1. The first thing that occurs to me is that you might be “rein-yielding” rather than leg yielding. Often when riders begin to teach their horses to leg yield, they try to move them sideways by pulling them over with the reins. As a result, their horses feel restricted and unhappy.
Your reins actually do very little during a leg yield. It’s not their job to help your horse go sideways. When leg-yielding to the right, for example, turn your left wrist as if unlocking a door to ask your horse flex at the poll to the left. While flexing with your left wrist, keep your right rein steady and supporting like a side rein to prevent your horse from bending his neck too much to the left.
2. Your legs ask your horse to move over. In the above example, your left leg moves slightly behind the girth to ask your horse to go sideways while your right leg stays on the girth to insure that he goes forward as well.
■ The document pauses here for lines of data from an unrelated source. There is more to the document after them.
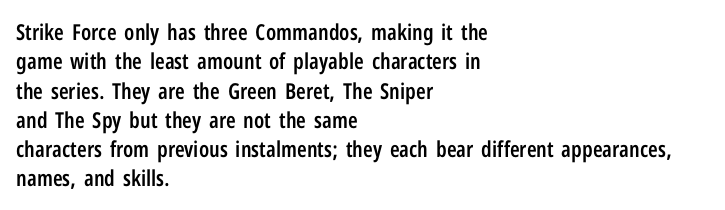
The image shows 22 px text type, upright; set left-aligned, normal line spacing (1.33x), normal letter spacing, not underlined.
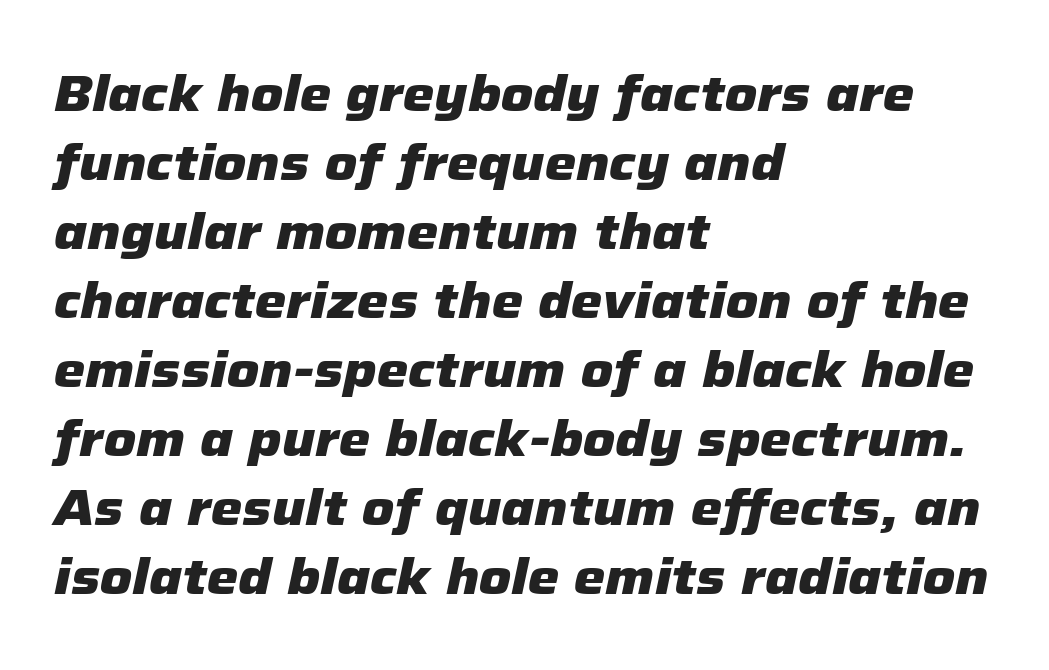
The image shows 50 px heavy type, italic (leaning right); set left-aligned, normal line spacing (1.38x), normal letter spacing, not underlined; low stroke contrast and a medium x-height.
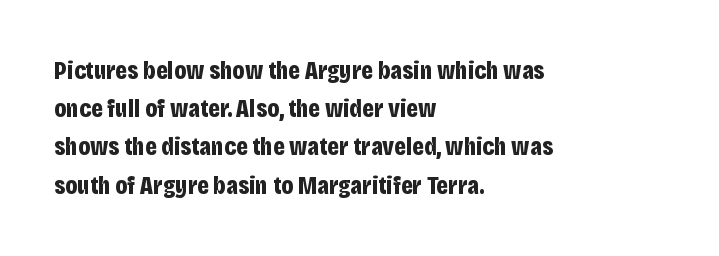
{"italic": "no", "bold": "yes", "underline": "no", "align": "left", "line_spacing": "normal", "line_spacing_ratio": 1.47, "letter_spacing": "normal", "letter_spacing_em": 0.0, "glyph_px": 26}

3. Keep your weight balanced over the center of your horse. It’s easy to get “left behind” and lean to the left. This happens partly because the horse is moving to the right and partly because some riders push too hard with their left leg. If your leg says, “move over” but your weight says, “I’m going to make it difficult for you to do so”, you’ll probably resort to using your reins for leverage. To counteract this tendency to lean, pretend youre going to dismount. That is, if youre leg yielding to the right, step down into the right iron and pretend youre going to dismount off the right side of your horse.
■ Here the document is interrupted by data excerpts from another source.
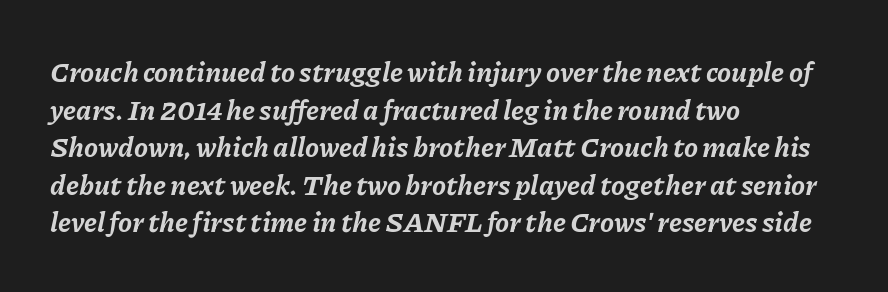
Q: Is the text bold? A: Yes.
Q: Is the text italic (slanted)? A: Yes, it leans right by about 11 degrees.
Q: Is the text underlined? A: No.
Q: How is the paragraph aligned? A: Left-aligned.
Q: Is the spacing between letters normal or unusually wide? A: Normal.
Q: Is the spacing between lines tight, normal or loose? A: Normal.
Q: Width (condensed, normal, or wide)? A: Normal.
Q: Stroke contrast? A: Low.
Q: x-height? A: Medium.
Q: Monospaced? A: No.

4. Now let’s look at the quality of your contact. Here are the ingredients that contribute to an inviting and sympathetic contact.
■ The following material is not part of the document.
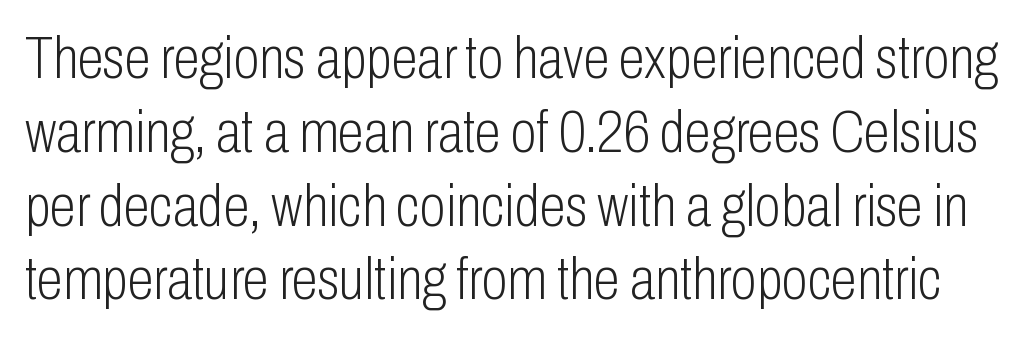
Designer's note — italics off, roman on. The letters sit at their default tracking, neither squeezed nor spread. The strokes carry an ordinary text weight at most. Is this a fixed-width face? No — the glyphs have proportional, varying widths. The type family on display is of the sans-serif kind.

First, maintain a straight line from the bit to your hand to your elbow. Keep your thumb the highest point of your hand. Make sure one hand is the mirror image of the other so that you offer an even contact on both sides of the bit.
Next, establish a firm connection with your horse’s mouth. “Lightness” becomes a goal only after you begin to collect your horse and ask for self-carriage. At this stage of your horse’s training, a light contact means that there isn’t a solid connection from his hind legs to your hands.
The contact should also be consistent. The reins shouldn’t alternately go slack and then tight. Your horse might not mind when the reins get loopy, but you’ll be jerking him in the mouth each time he hits your hands again.
Next, strive for an elastic contact by using your elbows to allow for movement– either your movement or your horse’s movement. In the walk and canter, your horse moves his head and neck forward and back. So an elastic contact requires that your arms follow this movement by moving forward and back as well. The motion is like rowing a boat.
In the rising trot, your horse’s head and neck is steady, but you go up and down. You need to allow for this motion by opening your elbows as you rise. Think of pushing your hands down as you rise (rather than forward as in the walk and canter) and bending them again as you sit. The motion is like a hinge on a door opening and closing.
Run over this list while you’re still on a straight line, and then strive to maintain all of these qualities during the leg yield. Challenge yourself gradually and systematically by starting with a small leg yield. For example, turn down a line that is only one meter away from the long side of your arena. Before you start moving sideways, run through your “contact check list”. Then keep the contact exactly the same as you move towards the track. When you can do this easily, progressively increase the distance away from the track.
Ask someone to watch your hands during the leg yields. If you don’t have a ground person, peek at your hands. Of course, ideally you should have your eyes up, but if you work alone, you might have to look at your hands for a while to get feedback. Once you can see what you’re doing and can feel how to make a correction, you’ll have more “educated hands” and can look up again.